Must we wait for the Knights of Khurasan alone?[10]
If so . . .
is it necessary to girdle this country with petrol and dynamite?
*
O flower of flame, wonder not at the flame
your world has come to an end, stars have no place in it
O flower of flame, my people have extinguished their fires
with shame, merchants and revolutionaries become the same
O flower of flame, the sky must descend
like the stars at night, upon the house’s doorstep
O flower of flame . . . the village must ignite
its fires, and the masses march with torches
*
There’s no use.
Saadi Youssef has been writing for thirty years.
Experimenting
and struggling
and despising the rulers.
He says: They kill the new poem . . .
But I ask you:
“Can you not find a more modern form than the mawwal?”[11]
There’s no use.
So?
We girdle this country with petrol and dynamite . . .
And?
[Translated from the Arabic by Kevin Michael Smith]
[1] I thank Noha Radwan for her various clarifications and suggestions when translating this poem.
[2] A dishdasha is a traditional ankle-length robe worn in Iraq and many of the Arab Gulf countries.
[3] Ghouta is a collection of farms in Rif Dimashq, close to the eastern part of Damascus, Syria. Tragically, it was the site of both a French colonial massacre in the interwar period and the infamous recent chemical attacks by Syrian regime forces in 2013, killing hundreds.
[4] The first two letters of the Arabic alphabet, “alif” and “baa,” combine to make the Arabic word for father, aab. Similarly, “alif” with the Arabic letter “m,” meem, make mother, or um.

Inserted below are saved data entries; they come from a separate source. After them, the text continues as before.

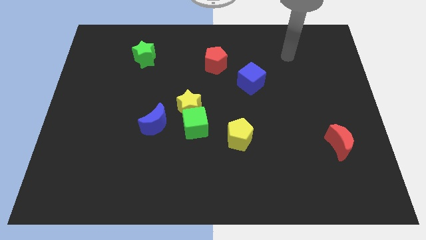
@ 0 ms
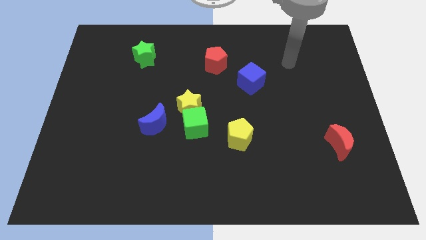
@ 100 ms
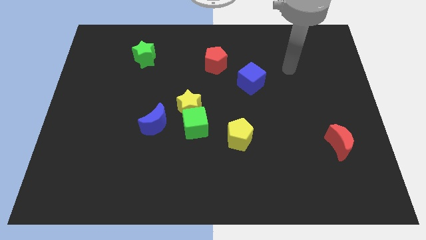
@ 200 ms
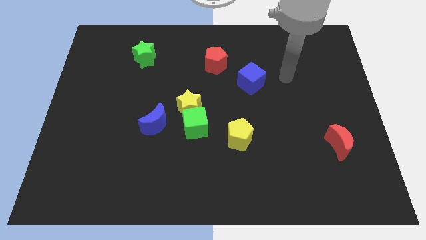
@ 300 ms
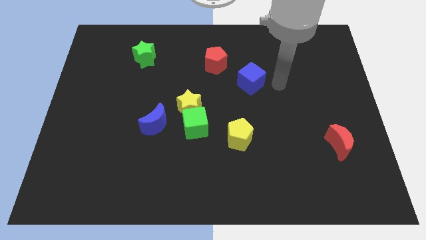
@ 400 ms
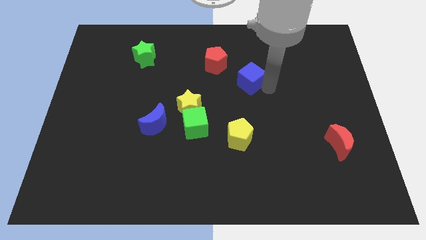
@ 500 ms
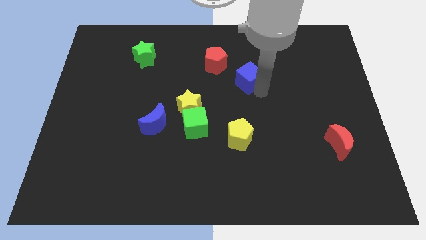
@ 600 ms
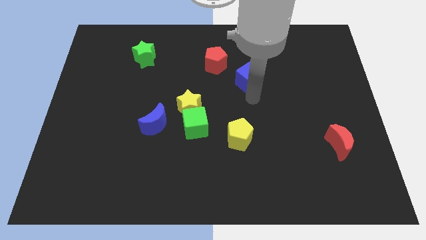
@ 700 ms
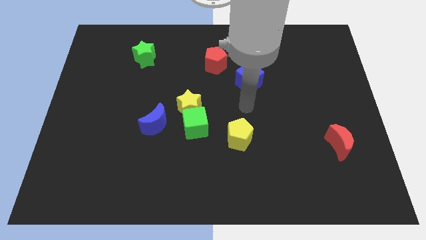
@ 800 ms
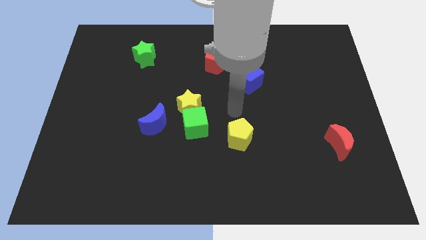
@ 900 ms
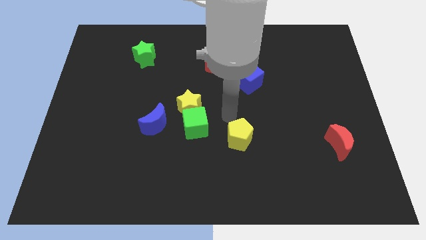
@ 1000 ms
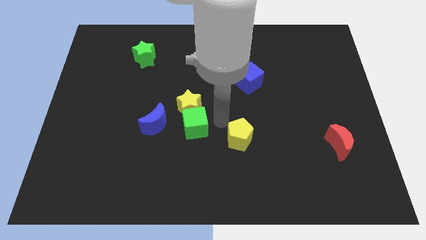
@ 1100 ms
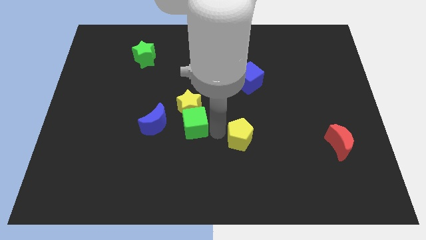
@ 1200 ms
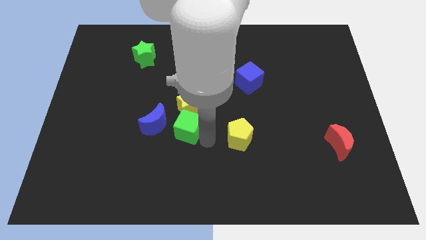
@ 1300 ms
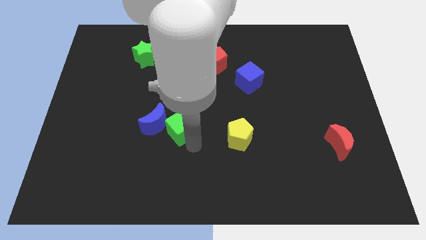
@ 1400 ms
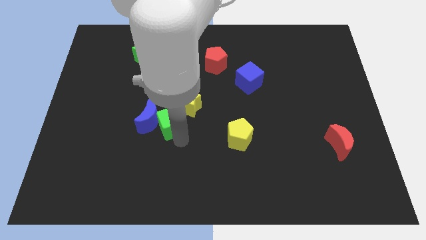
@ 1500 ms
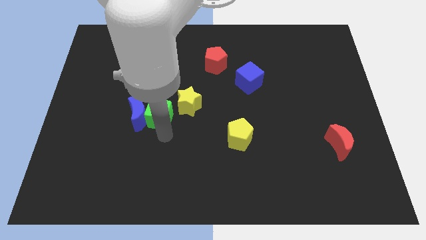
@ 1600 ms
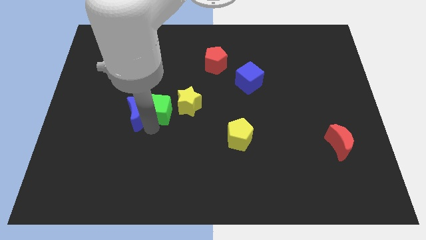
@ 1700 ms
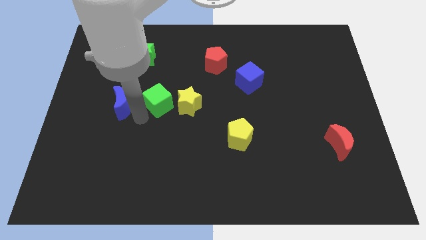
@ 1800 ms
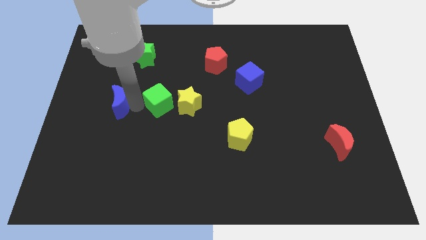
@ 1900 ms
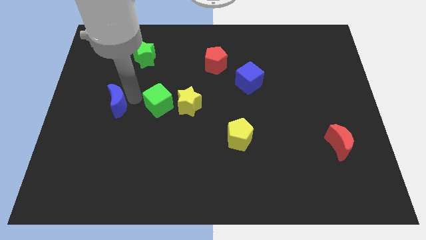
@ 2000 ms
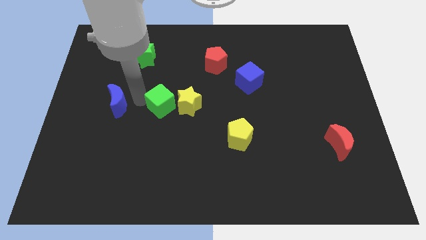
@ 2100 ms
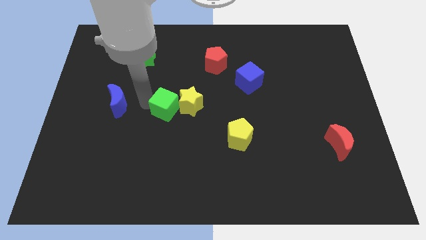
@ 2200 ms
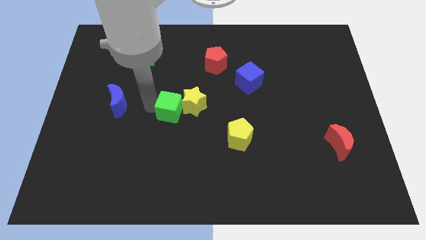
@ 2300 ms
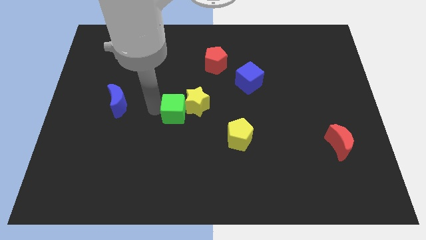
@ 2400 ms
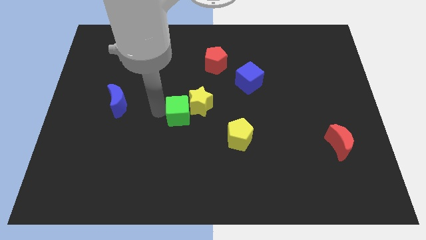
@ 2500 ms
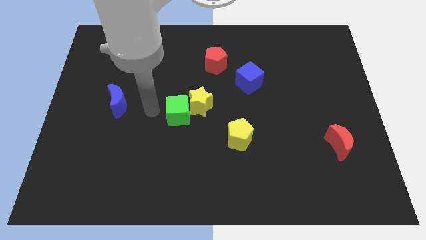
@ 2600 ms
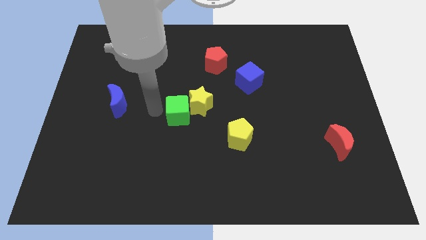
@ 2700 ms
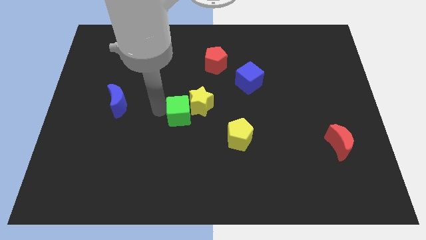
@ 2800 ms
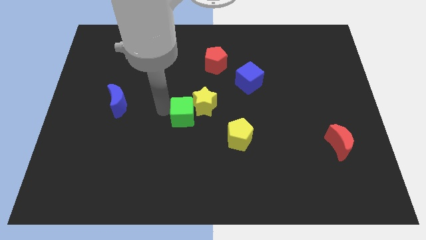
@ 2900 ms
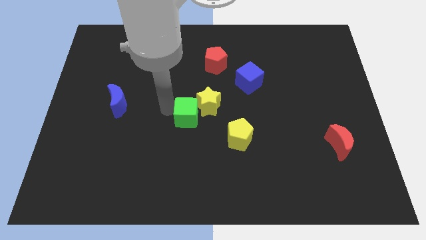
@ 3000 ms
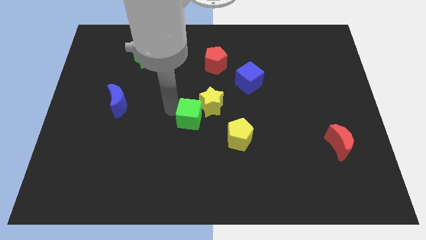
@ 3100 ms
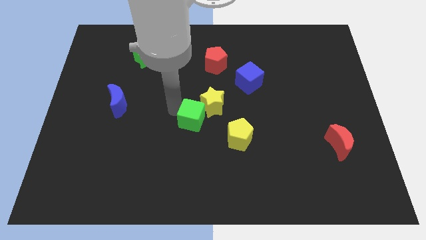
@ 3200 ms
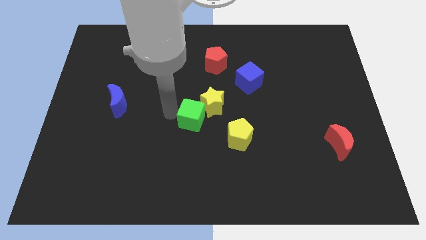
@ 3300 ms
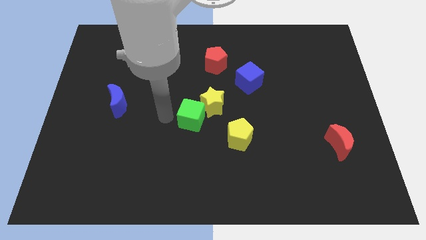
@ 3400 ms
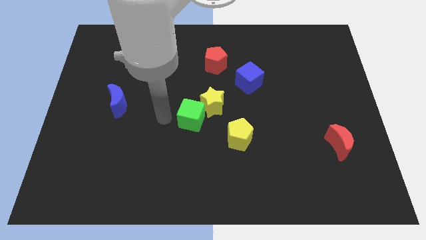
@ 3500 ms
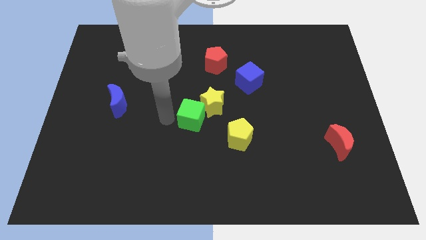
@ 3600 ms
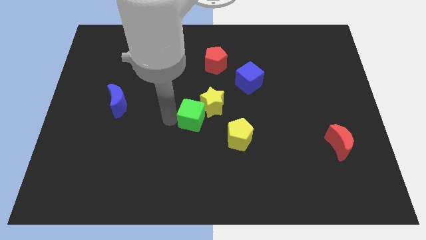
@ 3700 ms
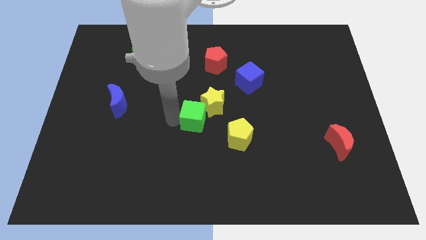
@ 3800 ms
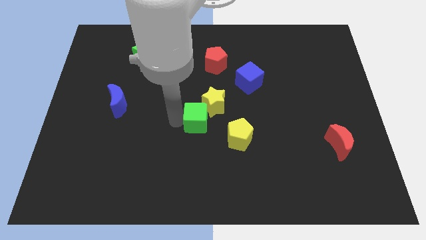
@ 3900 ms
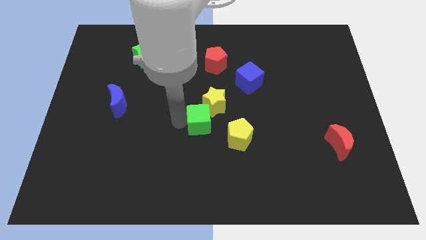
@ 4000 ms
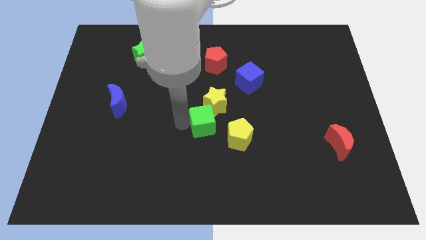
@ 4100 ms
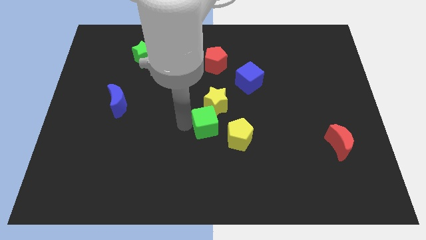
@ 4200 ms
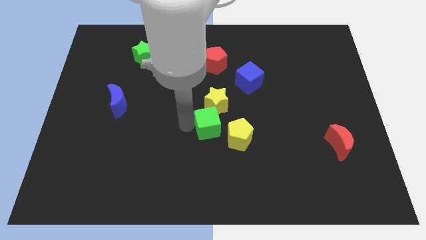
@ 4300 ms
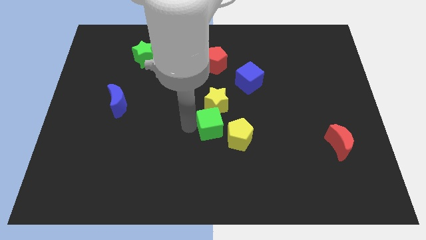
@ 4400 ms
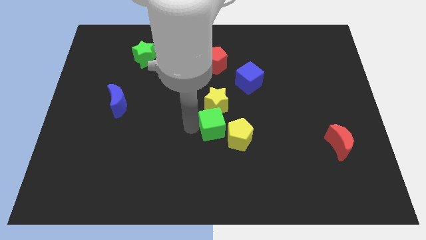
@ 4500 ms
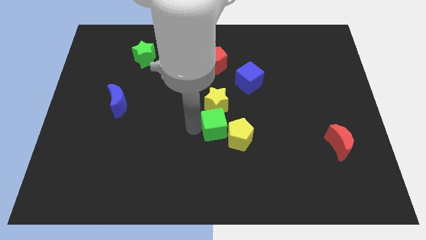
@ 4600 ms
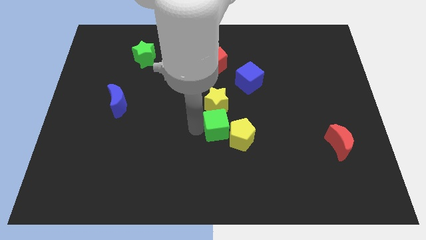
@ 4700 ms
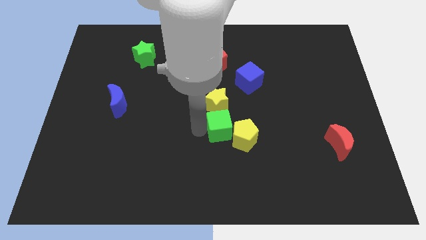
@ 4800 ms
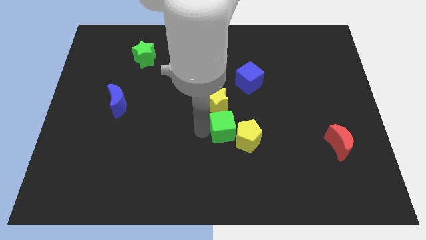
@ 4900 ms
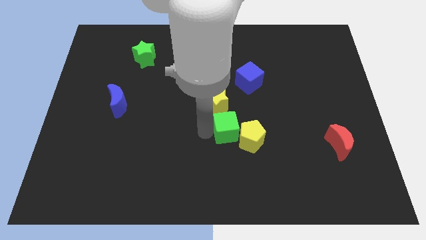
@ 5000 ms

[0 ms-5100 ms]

Youssef here characteristically disassociates letters otherwise connected in Arabic script, producing unexpected meanings from seemingly random alphabetic juxtapositions, such as the “mother” and “father” in bed together in the next line, or the following, slightly annoyed inquisitive expression “mmmh?”
[5] The Arabic letters for “m” and “n” together make the interrogative pronoun “who?” (man?).
[6] In Arabic, al-Sham refers to the region of Greater Syria, which, following the cartographic redrawing of former Ottoman Empire territorial boundaries under British and French colonial rule in the early to mid 20th century, and the subsequent national “independence” of these territories after WWII, now includes the countries of Syria and Lebanon as well as parts of northern Jordan.
[7] Jabal Bisan is a mountain peak in the southwest of Syria, directly north of Amman, Jordan.
[8] Sinjar is a town in the Nineveh province of northwestern Iraq, with a majority Yazidi population, and neighboring Syrian Kurdistan. Bani Saaf is a coastal town in northwestern Algeria.
[9] A reference to al-sirah al-hilaliyya, or the al-Hilali epic, a long poem recited beginning in the 14th century.
[10] Reference unknown.
[11] The mawwal (pl., singular mawaliyya) is a classical Arabic poetic form stemming from the 6th century CE. In its earliest usage, it featured four monorhyme lines in the basit meter. It is one of the most commonly used and therefore traditionally entrenched of the classical poetic forms.